Unlike Tories and Labour, neither the SNP’s rapidly rising membership nor the recent upheavals of Brexit and a change in Prime Minister have unsettled the party machine. In stark contrast to the public airing of sectarian party divisions this conference season, the conference saw little public division. Instead the tensions within the party membership are under the surface. Long-time party members could be heard commenting on the increasingly commercial focus of the conference. The proliferation in suited party staffers and UK-wide lobbyists was frequently commented upon. A number of constituency delegates suggested that the election of Angus Robertson as the SNP’s deputy leader personifies the growing dominance of the “establishment” wing of the party.
With little in the way of direct intra-party wrangling, the big-ticket items of Brexit and the party’s renewed push for Scottish independence dominated the agenda. Nicola Sturgeon’s announcement that a consultation on a new referendum bill will be published this week had been expected since its inclusion in the party’s Holyrood manifesto. But the party has been deliberately unclear about how, or indeed, when, it will seek a new referendum.
The Brexit vote frames the narrative around the SNP’s renewed push for independence, in the wake of Scotland’s decisive vote for Remain by a margin of 62% to 38%. The looming issue of a hard Brexit served as a rallying call for the majority of members. “Remain means Remain” was a frequent response to Theresa May’s recent insistence that “Brexit means Brexit.”

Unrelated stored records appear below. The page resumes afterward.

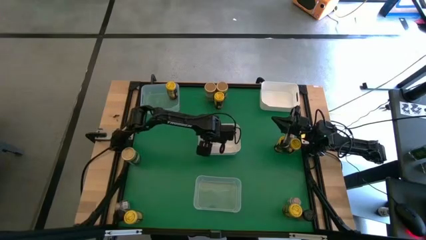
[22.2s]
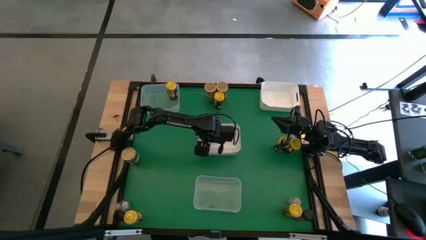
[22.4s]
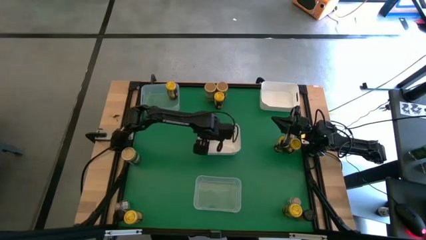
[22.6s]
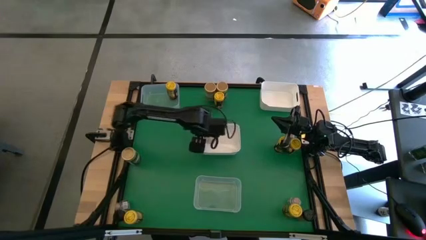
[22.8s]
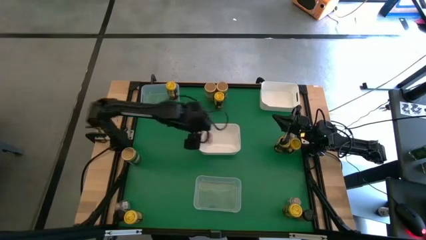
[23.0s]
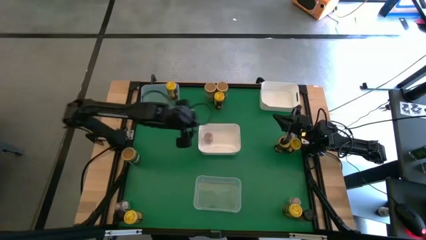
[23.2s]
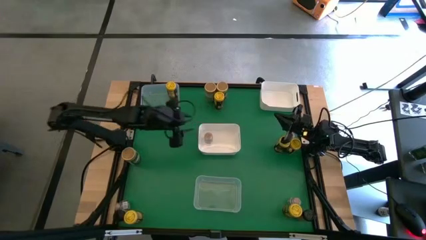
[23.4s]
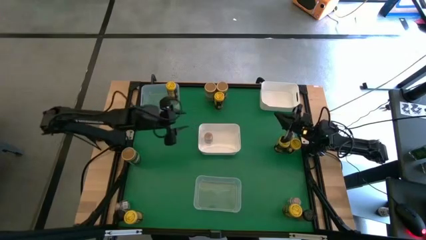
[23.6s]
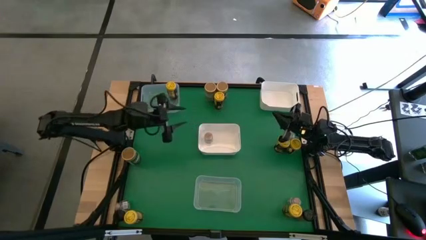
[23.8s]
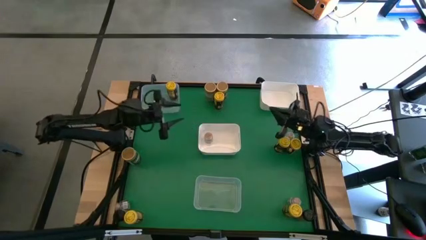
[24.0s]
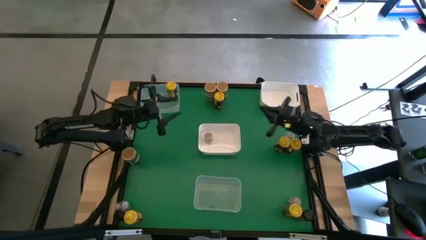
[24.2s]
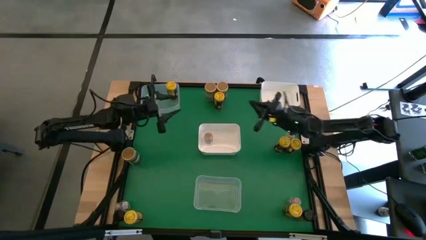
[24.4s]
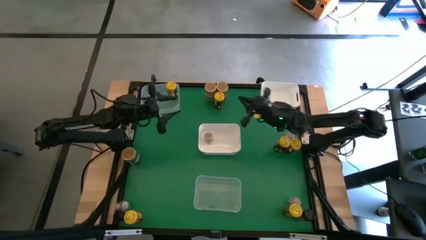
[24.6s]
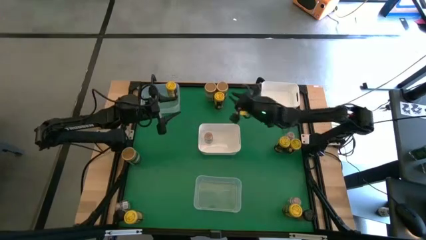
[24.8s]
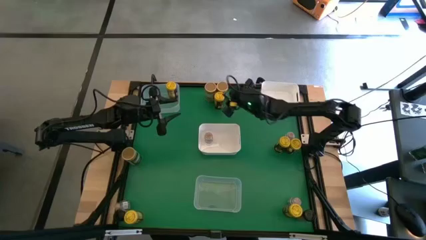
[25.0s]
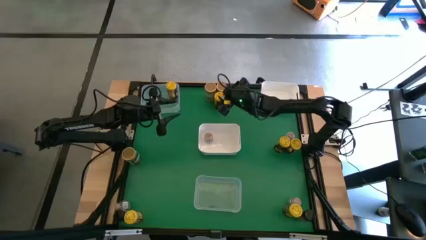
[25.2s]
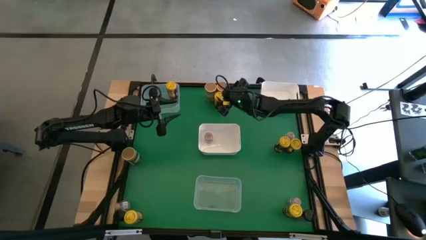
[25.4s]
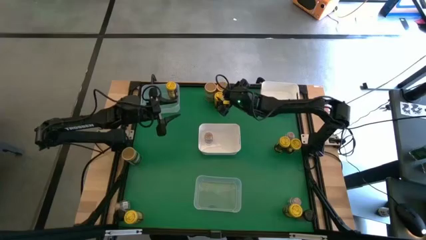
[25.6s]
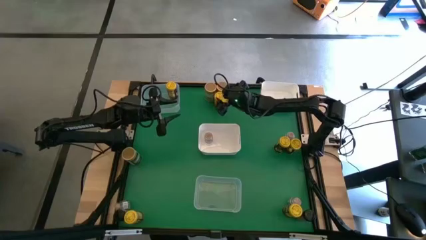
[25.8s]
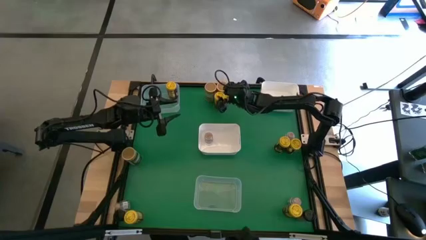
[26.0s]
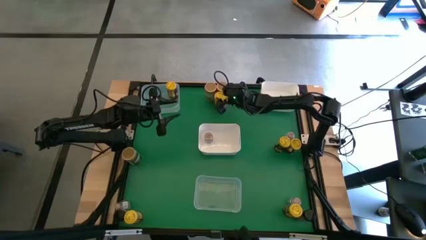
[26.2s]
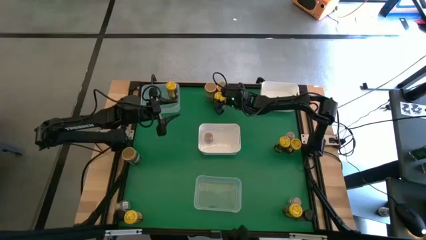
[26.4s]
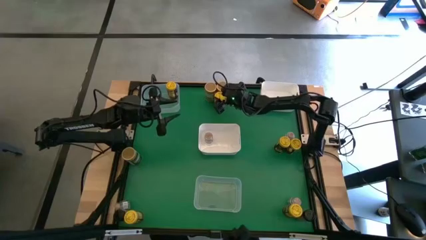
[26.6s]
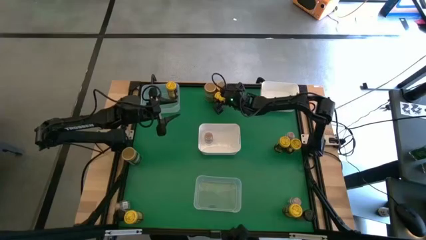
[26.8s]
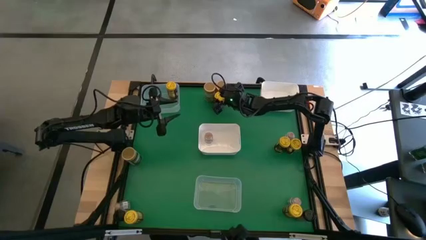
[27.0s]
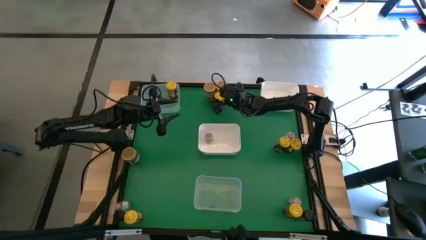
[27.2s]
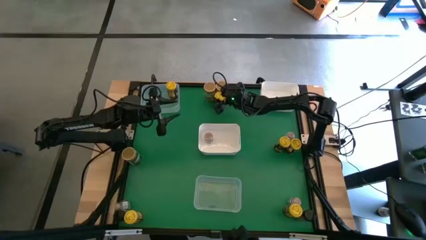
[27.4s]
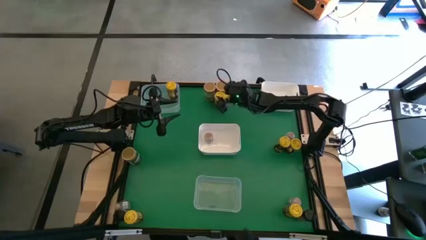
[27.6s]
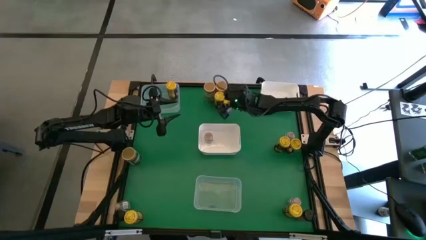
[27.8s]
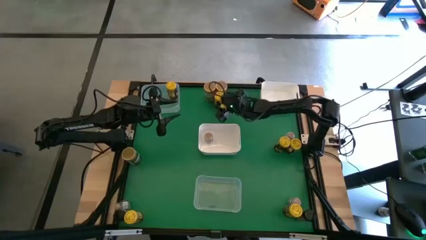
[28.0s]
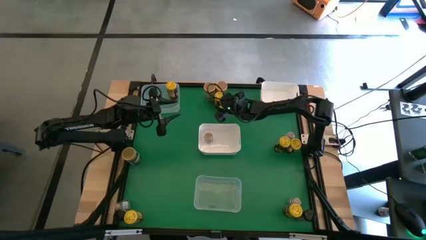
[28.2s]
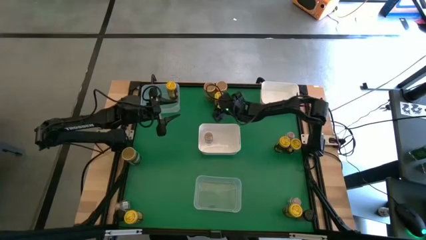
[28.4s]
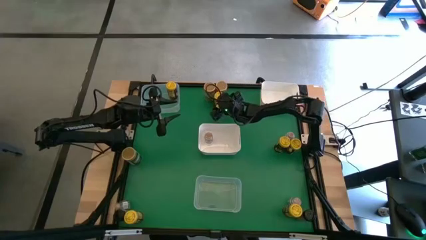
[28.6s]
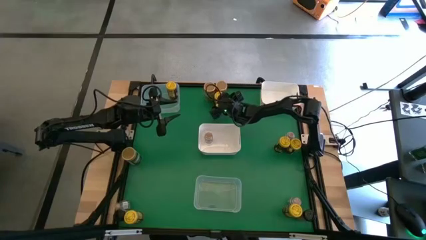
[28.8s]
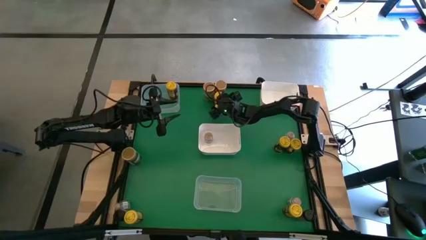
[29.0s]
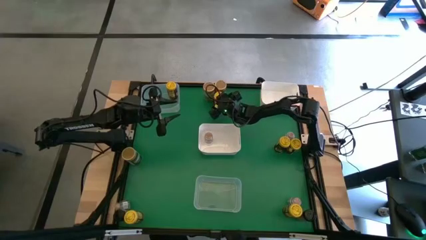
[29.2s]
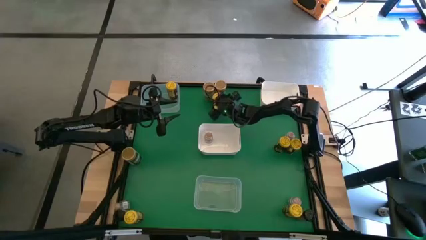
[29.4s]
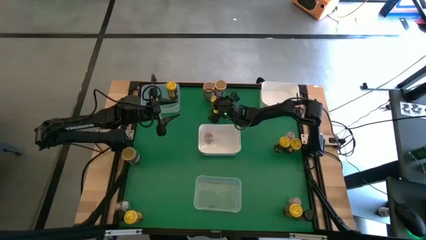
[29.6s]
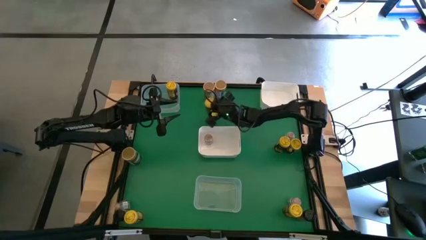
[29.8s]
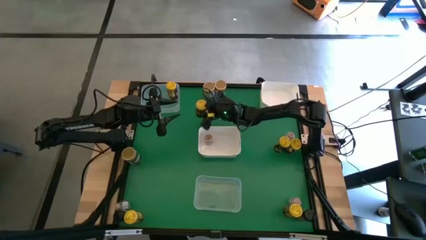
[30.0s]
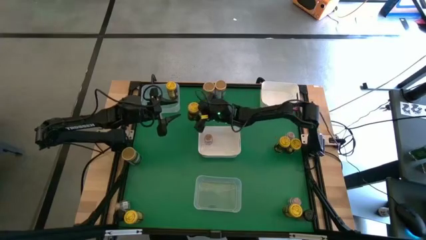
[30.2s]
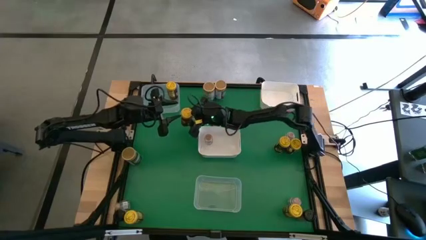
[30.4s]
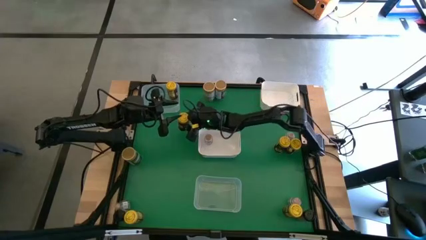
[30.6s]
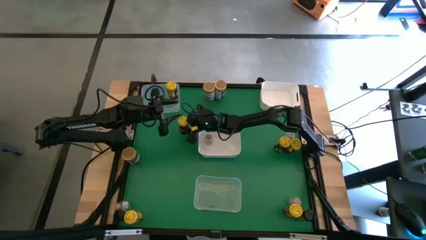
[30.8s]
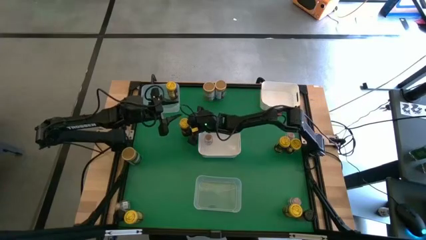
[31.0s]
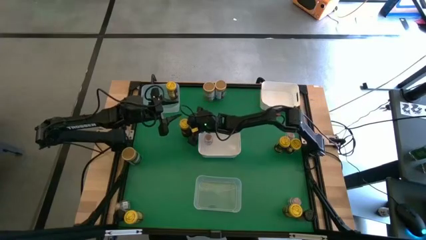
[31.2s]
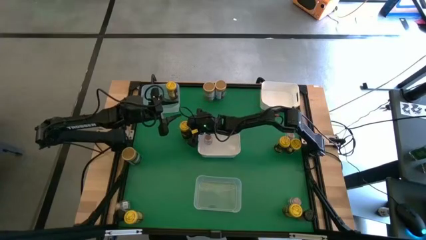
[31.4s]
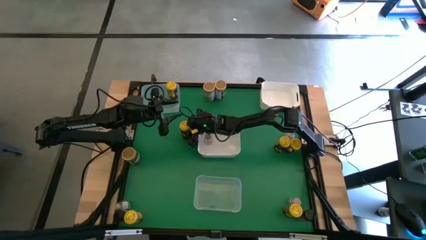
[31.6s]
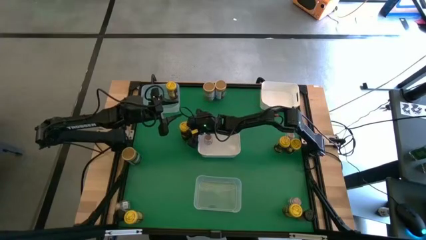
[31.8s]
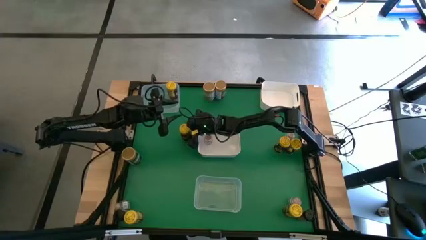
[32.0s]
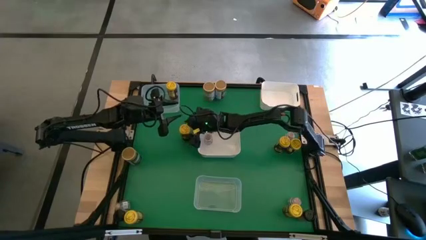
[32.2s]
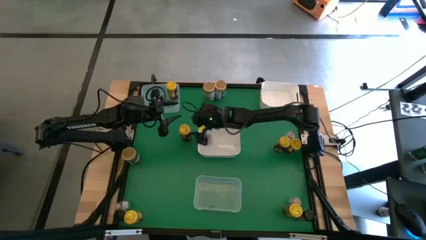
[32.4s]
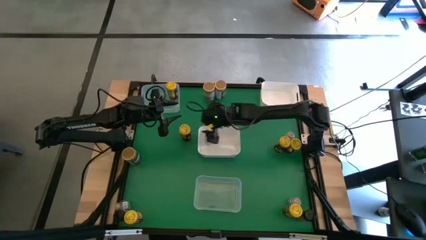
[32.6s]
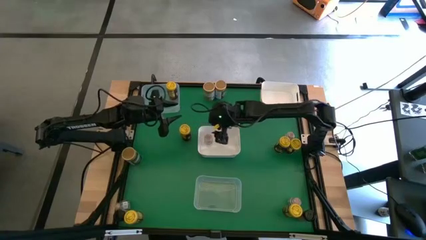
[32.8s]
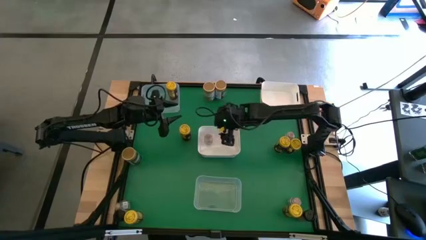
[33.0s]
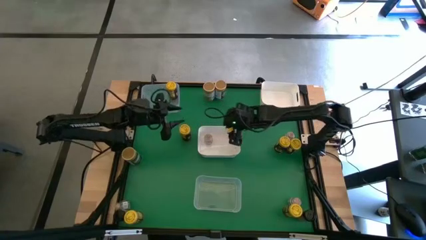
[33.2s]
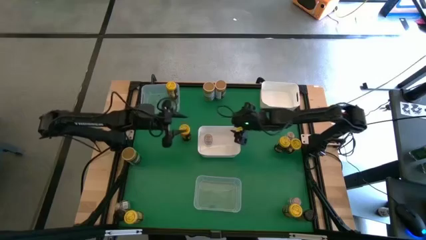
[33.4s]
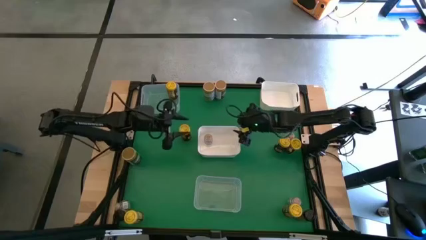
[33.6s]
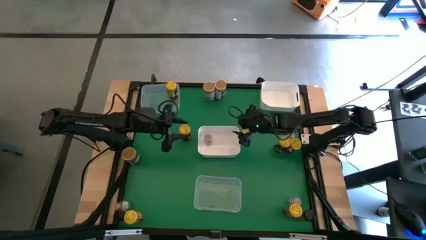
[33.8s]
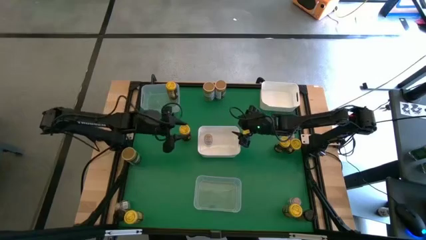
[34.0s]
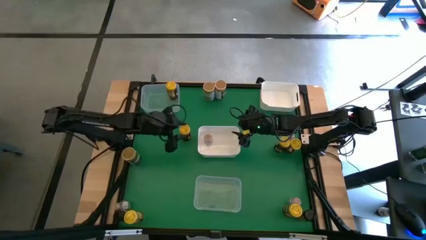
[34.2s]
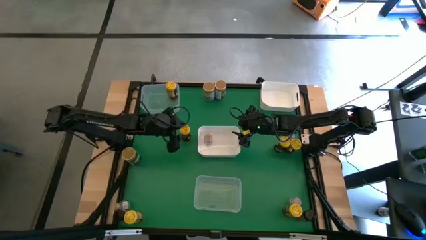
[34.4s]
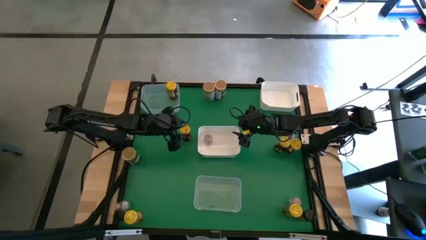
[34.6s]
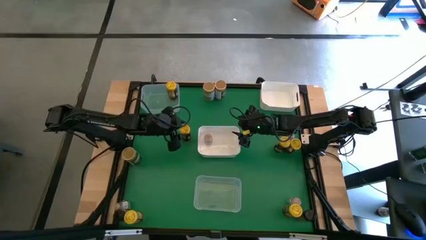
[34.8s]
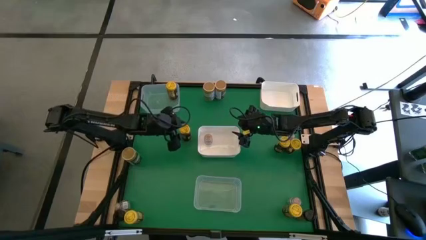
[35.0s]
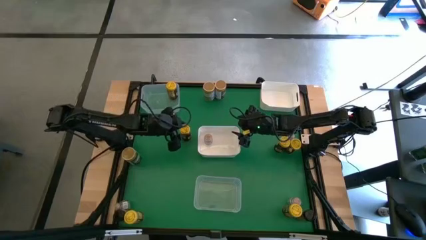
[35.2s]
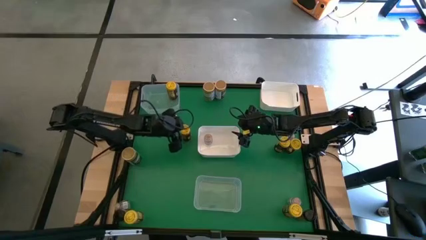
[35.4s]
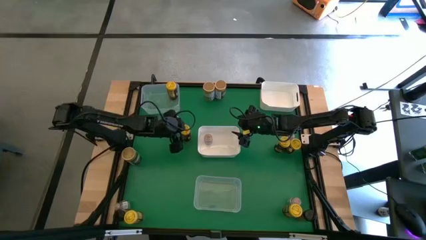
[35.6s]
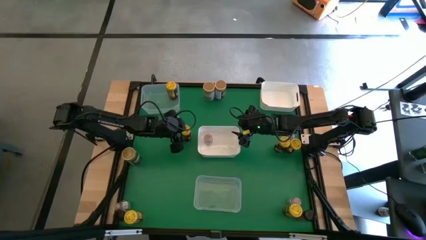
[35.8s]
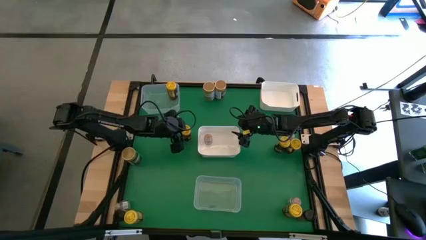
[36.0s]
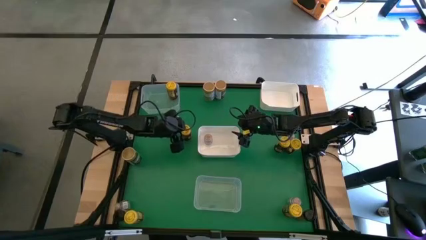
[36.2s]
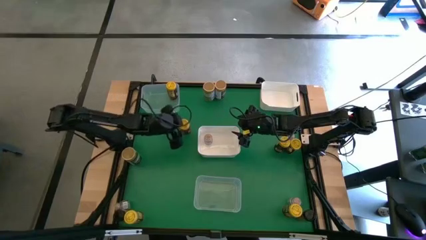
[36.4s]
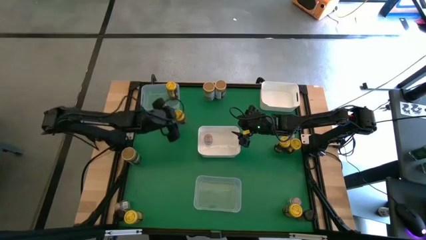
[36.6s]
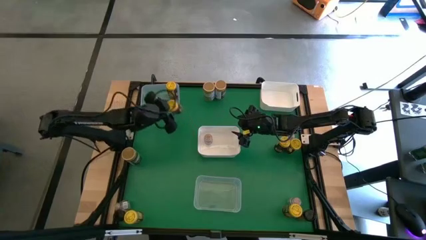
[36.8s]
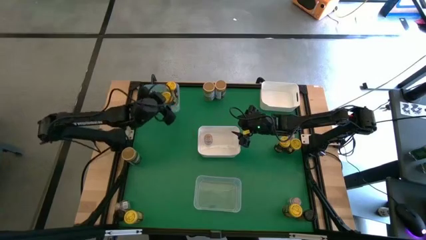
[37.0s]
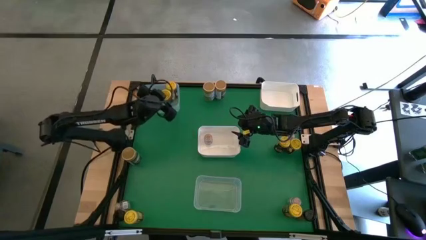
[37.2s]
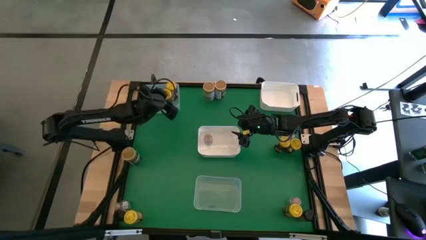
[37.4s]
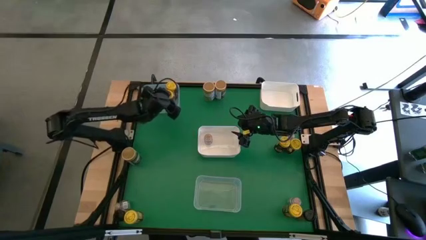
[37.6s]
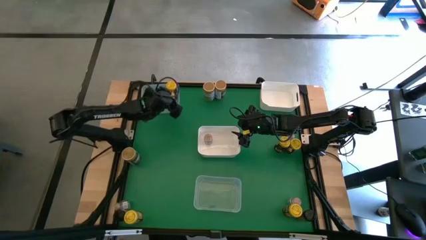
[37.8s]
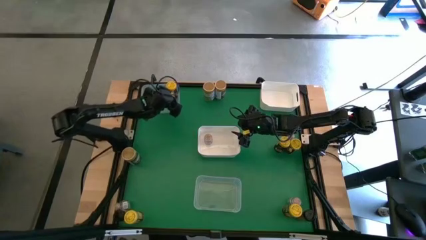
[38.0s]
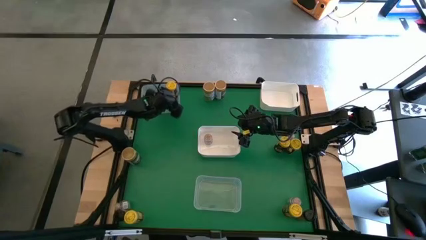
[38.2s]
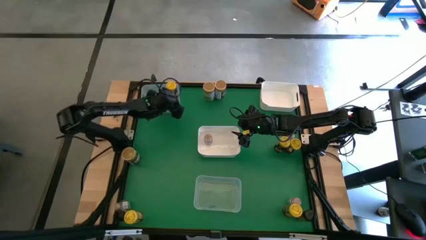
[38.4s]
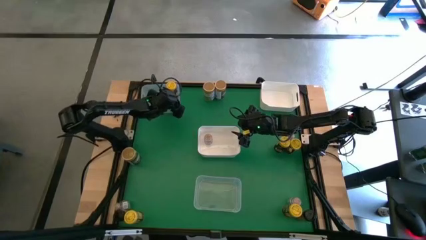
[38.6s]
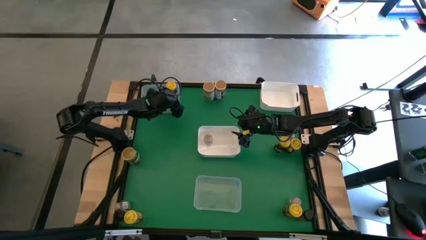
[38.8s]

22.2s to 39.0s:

The SNP leadership are understandably cautious about overplaying their hand, walking the tightrope between keeping onside those sections of the party membership keen to see a new independence referendum as soon as possible, and those who believe a second referendum should remain firmly off the table until a comfortable victory is guaranteed. There is tension between ‘gradualist’ and ‘fundamentalist’ tendencies within the SNP; between those who believe that independence is best pursued through incremental institutional reform and the measured negotiation of further devolution from Westminster towards a state where ‘actual’ independence becomes an easy practical and cultural transition, and those who believe that securing independence necessarily demands more a confrontational, abrupt break with the constitutional status quo.
In her closing speech to Conference, Nicola Sturgeon adeptly negotiated these two tendencies. Reaffirming the SNP’s self-positioning as Scotland’s ‘national party’ – as the ‘natural voice’ of its preferred brand of centre-left ‘civic nationalism’ – she spoke in direct opposition to what she referred to as the ‘little England’ politics presented by Theresa May. She also set out the SNP’s justification for a renewed push for independence. Faced with the prospect of a looming ‘hard Brexit’, in which Scotland could find itself removed from both the single market and common travel area, she argued that any future Scottish independence referendum could only be the fault of decisions made by the UK Government.
It is difficult to say when the SNP will seek to pursue a second referendum. Regardless of the apparent strength of their position, the party leadership are acutely aware that the success of a second referendum will rely on the close reading of both the terms on which the UK government seeks to negotiate our exit from the EU, and the peculiarities of Scotland’s changing political mood. It has been mooted that a second referendum might be seen as early as 2017.There is a fear that, if the SNP wait too long, then an unavoidable fall in the party’s popularity will detract from any public interest in Scottish independence.
As seen in the quiet confidence found at the party’s largest ever conference gathering, the SNP’s continued dominance of Scottish politics seems assured, for the time being, at least.